▸ **WHAT IS NEEDED**
Pictures do not belong in the copy, so please give every entry below again exactly.

------------------------------

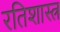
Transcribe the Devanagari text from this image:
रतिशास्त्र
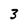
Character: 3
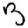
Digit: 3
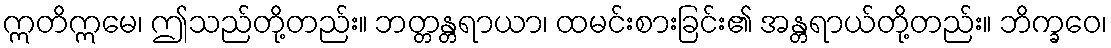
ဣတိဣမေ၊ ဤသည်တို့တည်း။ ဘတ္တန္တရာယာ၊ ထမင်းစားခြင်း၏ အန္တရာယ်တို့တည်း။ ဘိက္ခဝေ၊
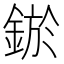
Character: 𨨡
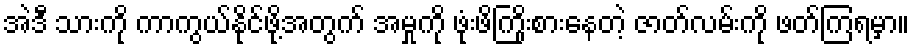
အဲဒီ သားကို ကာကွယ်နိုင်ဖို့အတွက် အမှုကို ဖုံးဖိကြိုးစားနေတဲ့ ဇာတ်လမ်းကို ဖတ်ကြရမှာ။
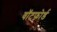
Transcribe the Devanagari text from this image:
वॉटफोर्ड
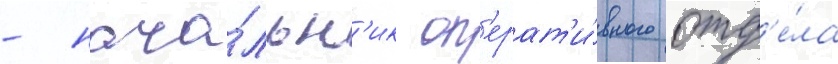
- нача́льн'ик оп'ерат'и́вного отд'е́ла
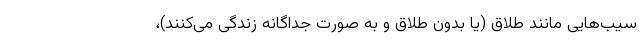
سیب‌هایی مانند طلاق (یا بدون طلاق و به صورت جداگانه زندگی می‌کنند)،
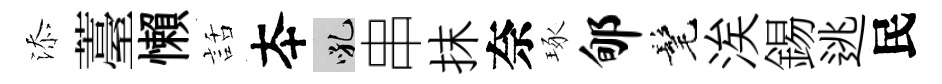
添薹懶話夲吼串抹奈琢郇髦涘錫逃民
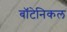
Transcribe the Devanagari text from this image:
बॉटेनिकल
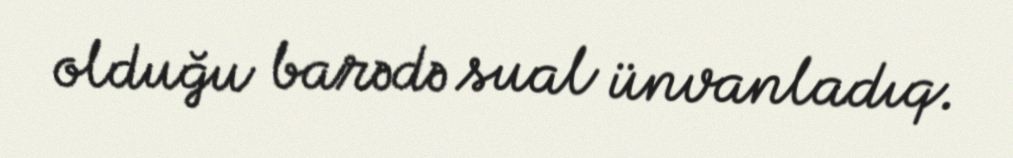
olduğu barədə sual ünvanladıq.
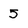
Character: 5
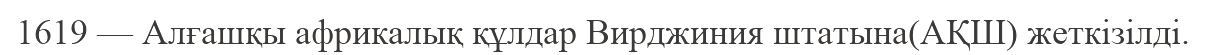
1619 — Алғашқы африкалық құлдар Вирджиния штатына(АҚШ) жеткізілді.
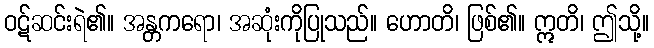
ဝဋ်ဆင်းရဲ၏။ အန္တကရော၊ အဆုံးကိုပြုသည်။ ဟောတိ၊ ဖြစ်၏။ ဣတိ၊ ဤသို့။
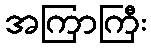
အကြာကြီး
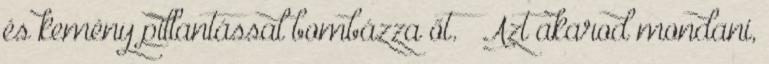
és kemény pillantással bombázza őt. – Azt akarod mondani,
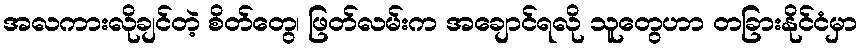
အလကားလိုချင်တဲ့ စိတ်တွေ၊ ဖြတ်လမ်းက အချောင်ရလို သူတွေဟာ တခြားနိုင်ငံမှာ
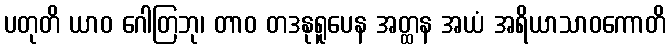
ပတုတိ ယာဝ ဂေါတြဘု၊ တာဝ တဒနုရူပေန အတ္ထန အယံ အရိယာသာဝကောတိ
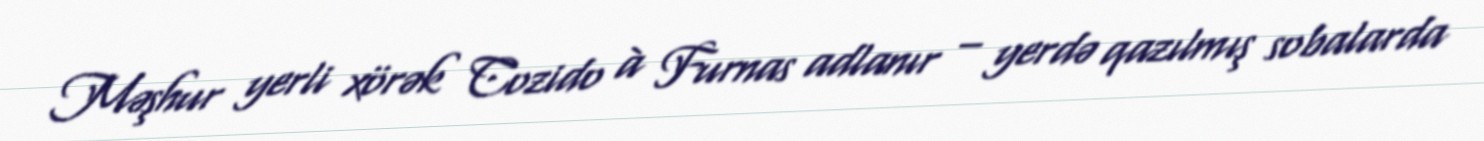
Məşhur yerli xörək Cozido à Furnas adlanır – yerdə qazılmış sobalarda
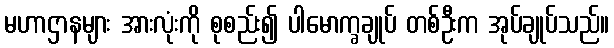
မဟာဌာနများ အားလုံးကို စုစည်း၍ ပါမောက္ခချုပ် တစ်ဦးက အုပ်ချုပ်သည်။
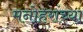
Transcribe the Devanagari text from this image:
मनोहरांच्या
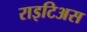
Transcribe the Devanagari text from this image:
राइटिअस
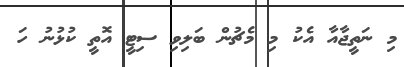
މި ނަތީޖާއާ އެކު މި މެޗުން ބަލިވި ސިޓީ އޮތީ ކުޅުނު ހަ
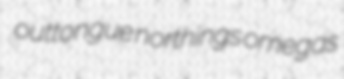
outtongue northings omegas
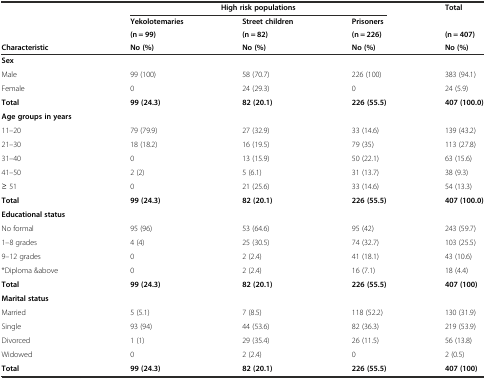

------------------------------

▸ **COMPLETED EXERCISE**
Transcribe the Devanagari text from this image:
रतिशास्त्र
Character: 3
Digit: 3
ဣတိဣမေ၊ ဤသည်တို့တည်း။ ဘတ္တန္တရာယာ၊ ထမင်းစားခြင်း၏ အန္တရာယ်တို့တည်း။ ဘိက္ခဝေ၊
Character: 𨨡
အဲဒီ သားကို ကာကွယ်နိုင်ဖို့အတွက် အမှုကို ဖုံးဖိကြိုးစားနေတဲ့ ဇာတ်လမ်းကို ဖတ်ကြရမှာ။
Transcribe the Devanagari text from this image:
वॉटफोर्ड
- нача́льн'ик оп'ерат'и́вного отд'е́ла
سیب‌هایی مانند طلاق (یا بدون طلاق و به صورت جداگانه زندگی می‌کنند)،
添薹懶話夲吼串抹奈琢郇髦涘錫逃民
Transcribe the Devanagari text from this image:
बॉटेनिकल
olduğu barədə sual ünvanladıq.
Character: 5
1619 — Алғашқы африкалық құлдар Вирджиния штатына(АҚШ) жеткізілді.
ဝဋ်ဆင်းရဲ၏။ အန္တကရော၊ အဆုံးကိုပြုသည်။ ဟောတိ၊ ဖြစ်၏။ ဣတိ၊ ဤသို့။
အကြာကြီး
és kemény pillantással bombázza őt. – Azt akarod mondani,
အလကားလိုချင်တဲ့ စိတ်တွေ၊ ဖြတ်လမ်းက အချောင်ရလို သူတွေဟာ တခြားနိုင်ငံမှာ
ပတုတိ ယာဝ ဂေါတြဘု၊ တာဝ တဒနုရူပေန အတ္ထန အယံ အရိယာသာဝကောတိ
Məşhur yerli xörək Cozido à Furnas adlanır – yerdə qazılmış sobalarda
မဟာဌာနများ အားလုံးကို စုစည်း၍ ပါမောက္ခချုပ် တစ်ဦးက အုပ်ချုပ်သည်။
Transcribe the Devanagari text from this image:
मनोहरांच्या
Transcribe the Devanagari text from this image:
राइटिअस
މި ނަތީޖާއާ އެކު މި މެޗުން ބަލިވި ސިޓީ އޮތީ ކުޅުނު ހަ
outtongue northings omegas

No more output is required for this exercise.